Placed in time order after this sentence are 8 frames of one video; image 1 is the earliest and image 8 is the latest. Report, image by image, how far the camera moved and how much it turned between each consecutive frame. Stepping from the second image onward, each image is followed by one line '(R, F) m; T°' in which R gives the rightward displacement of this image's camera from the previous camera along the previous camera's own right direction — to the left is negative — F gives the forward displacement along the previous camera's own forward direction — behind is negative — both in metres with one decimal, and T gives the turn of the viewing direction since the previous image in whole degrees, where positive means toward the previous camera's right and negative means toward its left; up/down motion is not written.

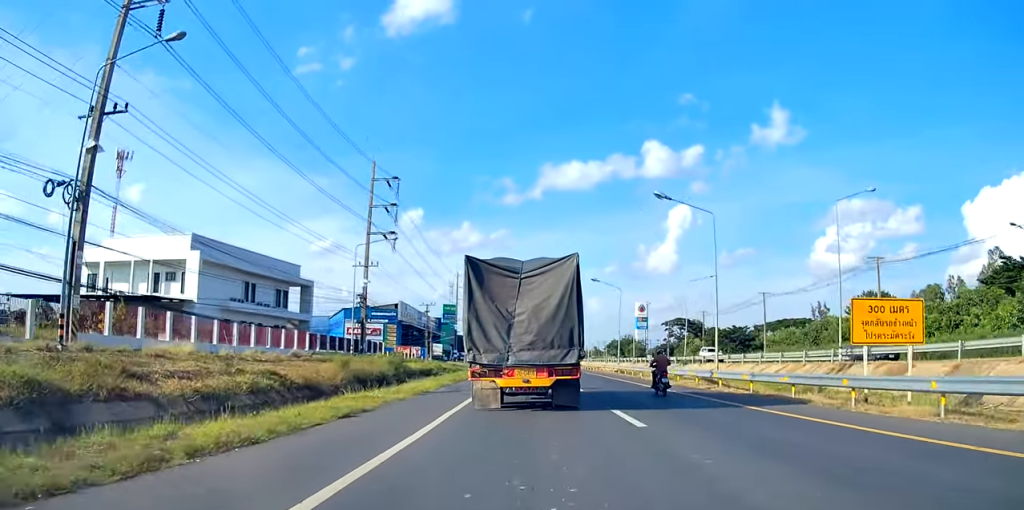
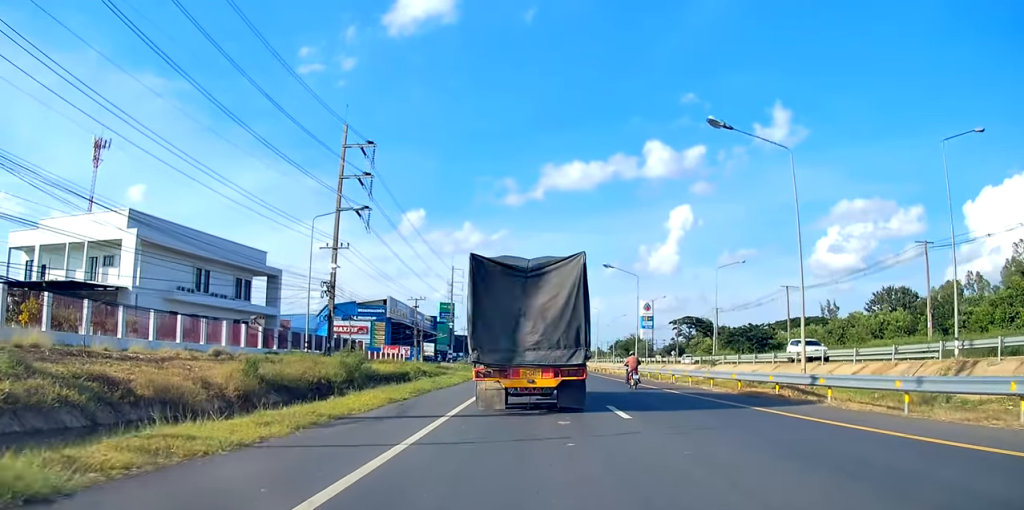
(0.0, +11.0) m; 0°
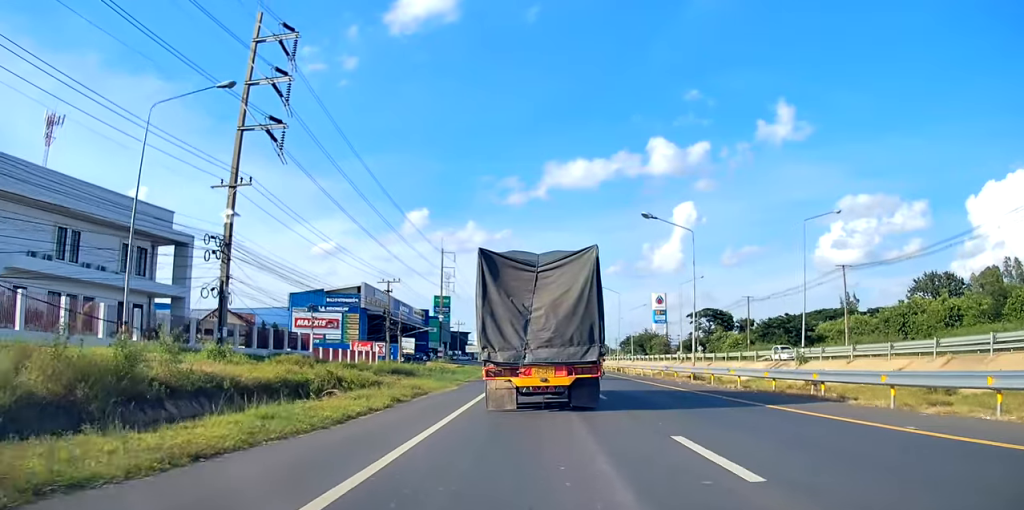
(0.0, +20.0) m; +1°
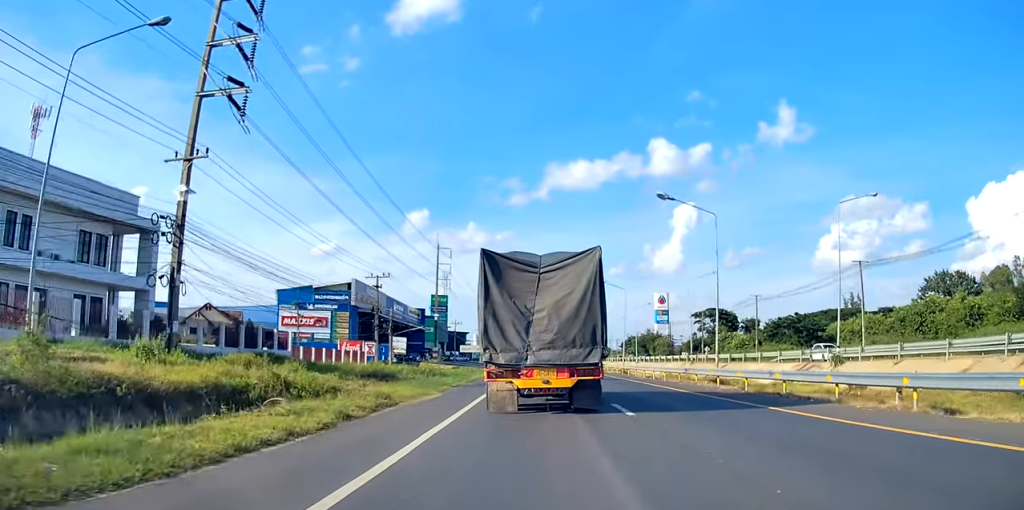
(-0.1, +5.2) m; +1°
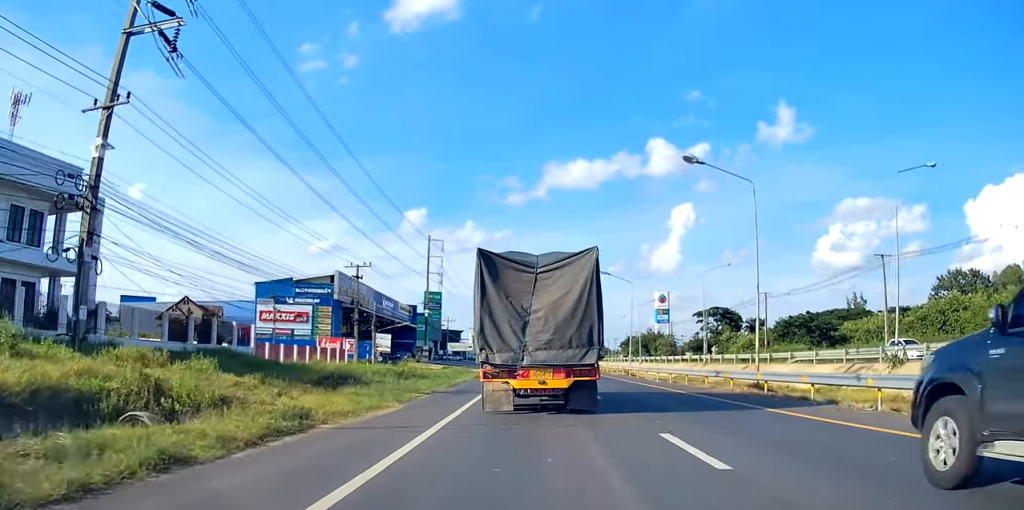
(0.0, +6.9) m; +1°
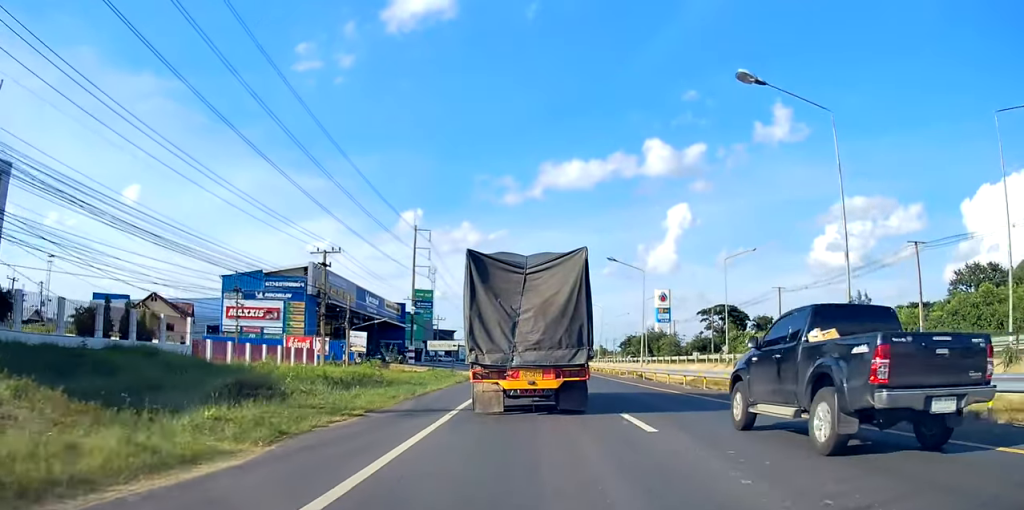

§ WHAT YOU WILL DO
Output each line of the records exactly. Any picture is skipped.

§ RESPONSE TO THE EXERCISE
Placed in time order after this sentence are 8 frames of one video; image 1 is the earliest and image 8 is the latest. Report, image by image, how far the camera moved and how much it turned between each consecutive frame. Stepping from the second image onward, each image is followed by one line '(R, F) m; T°' in which R gives the rightward displacement of this image's camera from the previous camera along the previous camera's own right direction — to the left is negative — F gives the forward displacement along the previous camera's own forward direction — behind is negative — both in metres with one decimal, and T gives the turn of the viewing direction since the previous image in whole degrees, where positive means toward the previous camera's right and negative means toward its left; up/down motion is not written.

(0.0, +11.0) m; 0°
(0.0, +20.0) m; +1°
(-0.1, +5.2) m; +1°
(0.0, +6.9) m; +1°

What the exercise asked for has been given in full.